In the two models I've described, it's clear that there's nothing special about mathematics. Both models are required for other sorts of information that are just as valid and universal. Would a system that works for one subject be scalable to others? Mathematics might just complicate the issue unnecessarily. And what works for mathematics might well not be complicated enough to scale to other areas, for which there are greater arguments for ready access, such as medicine. In medicine or genetics, the demand for an historic archive is surely far outweighed by the need for born-digital content, and the volume and value of material in those areas mean that commercial effort is not being expended on mathematics.
If mathematics is to have an enhanced historic archive that relates smoothly to the born-digital content currently being created, then probably this has to be centrally planned and funded therefore. It's also necessary for cooperation between the relevant parties, in order to guarantee standards and cross-platform usability, to create universal tools and technology, to give guidelines and procedures for establishing ownership of and for clearing copyright, to make it easy to switch between archive types, to transfer ownership of archives, and to create sensible business models for the products. The research and investment required could not recouped, or even allocated, commercially, and so must be funded governmentally. Once set up, one would hope the running costs for various archives can be paid for out of income generated or costs saved.

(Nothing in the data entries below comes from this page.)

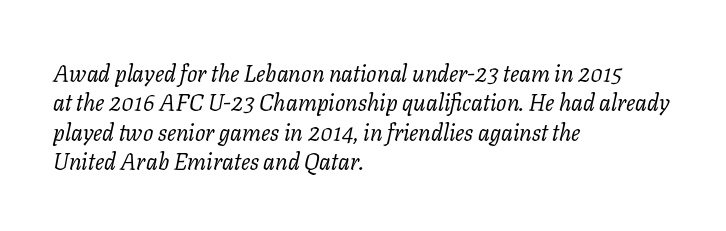
Q: Is the text bold? A: No.
Q: Is the text italic (slanted)? A: Yes, it leans right by about 11 degrees.
Q: Is the text underlined? A: No.
Q: How is the paragraph aligned? A: Left-aligned.
Q: Is the spacing between letters normal or unusually wide? A: Normal.
Q: Is the spacing between lines tight, normal or loose? A: Normal.
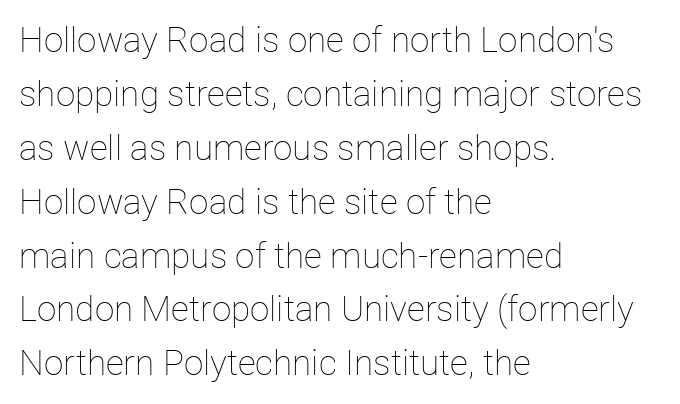
Here the designer chose a conventional face with non-uniform glyph widths. Counters stay open thanks to moderate or lighter strokes. This is the regular roman posture of the typeface. Is there much room between lines? A standard amount, neither cramped nor airy. Each row of text sits above clean, open space. The setting favours the left margin, as ordinary paragraphs usually do.

In sum mathematics is different: it's small, but universal and long-lasting; it's important to many other disciplines. Its characteristics mean that whereas simple technology can create electronic historical archives and run them commercially, enhanced archives that parallel the born-digital content currently being created, are only marginally viable. A market for historic non-mathematical content evidently exists, whether that information is archived in plain or in enhanced electronic form. It's not too much of an extrapolation to say that the same is true for mathematical content.